Lo que comenzó como la revisión de una incidencia técnica derivó en varias horas de mensajes donde cuestionó abiertamente la cultura, los procesos y la dirección del proyecto, describiendo una plataforma que, lejos de ser derrotada por la competencia, estaría enfrentando un deterioro provocado por sus propias dinámicas internas
El detonante: un ticket menor, un síntoma mayor
Todo comienza con un ticket en Trac relacionado con la integración de Akismet en la nueva pantalla de conectores de IA de WordPress 7.0. A simple vista, una discusión técnica más dentro del flujo habitual del proyecto.
Pero la reacción que desencadena revela una tensión acumulada. La queja inicial no apunta al contenido del cambio, sino al proceso: una contribución aprobada rápidamente, sin el nivel de discusión pública que normalmente se exige en el proyecto.
Este contraste —entre contribuciones que tardan años en avanzar y otras que se integran en días— actúa como catalizador de una crítica mucho más profunda sobre gobernanza, equidad y eficiencia dentro del ecosistema.

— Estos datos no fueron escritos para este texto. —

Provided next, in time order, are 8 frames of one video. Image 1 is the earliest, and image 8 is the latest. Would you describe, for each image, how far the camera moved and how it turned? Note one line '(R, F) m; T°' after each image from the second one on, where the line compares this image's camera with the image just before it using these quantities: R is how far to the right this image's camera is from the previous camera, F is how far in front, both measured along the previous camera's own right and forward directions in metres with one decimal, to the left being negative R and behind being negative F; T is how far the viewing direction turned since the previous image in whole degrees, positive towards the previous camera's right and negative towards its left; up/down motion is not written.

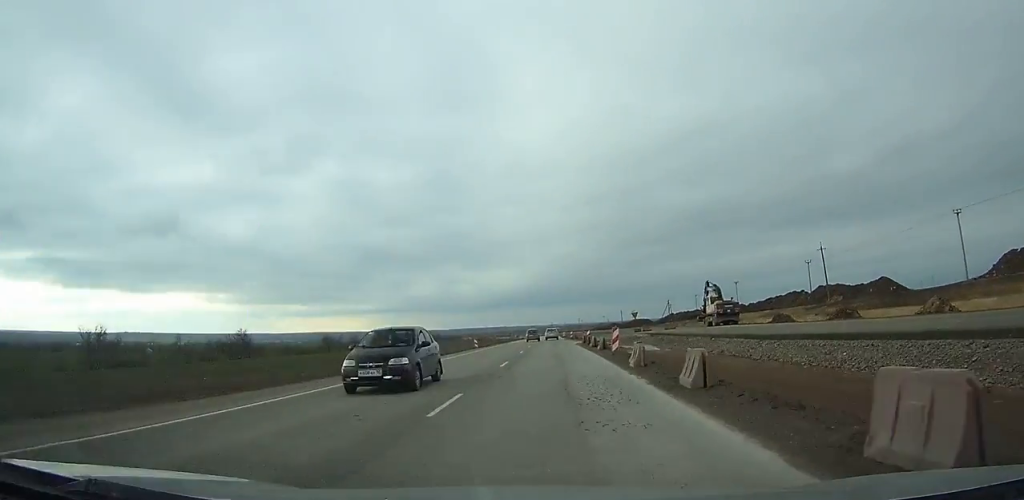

“Las ruedas se han desprendido”
La frase más citada de Mullenweg no deja espacio para ambigüedades: el proyecto, en su opinión, ha perdido el rumbo.
Según su diagnóstico, WordPress no está siendo superado por competidores externos. El problema es interno. “No nos está matando la competencia, creo que nos lo hemos buscado nosotros mismos”, afirma, apuntando a una cultura que ha llevado ciertos principios del open source —como el consenso amplio y la discusión pública— a un extremo contraproducente .
El resultado, describe, es una organización donde incluso decisiones menores pueden quedar atrapadas en semanas de debate, con múltiples participantes y sin una resolución clara.
La burocracia del consenso
Uno de los puntos más críticos de su intervención es la “expansión del proceso”. Mullenweg argumenta que las reglas diseñadas para proteger la apertura y la participación han terminado generando fricción.
La necesidad de consenso amplio, la coordinación global entre zonas horarias y la expectativa de discusión pública constante han convertido la toma de decisiones en un proceso lento y, en algunos casos, paralizante.
En sus palabras, estas prácticas se han vuelto “iatrogénicas”: mecanismos que, en lugar de sanar el sistema, lo dañan desde dentro .
Un ecosistema que dificulta contribuir
Otro eje central es la experiencia del colaborador. Mullenweg sostiene que contribuir a WordPress se ha vuelto “increíblemente doloroso”, alejando incluso a perfiles valiosos.
Ejemplos como el proceso de revisión de temas o el rechazo de propuestas innovadoras refuerzan esta idea. La crítica no apunta a la falta de talento —que reconoce ampliamente— sino a un sistema que no logra canalizarlo de manera efectiva.
En este contexto, el caso de Akismet aparece como símbolo: no por su funcionalidad, sino por cómo su discusión expone tensiones más profundas sobre mérito, contribución y percepción de privilegios dentro del proyecto.
El peso del backlog y la negación del problema
Uno de los datos más reveladores es la acumulación de más de 8.000 tickets abiertos en Trac . Para Mullenweg, el problema no es solo la cifra, sino la actitud frente a ella.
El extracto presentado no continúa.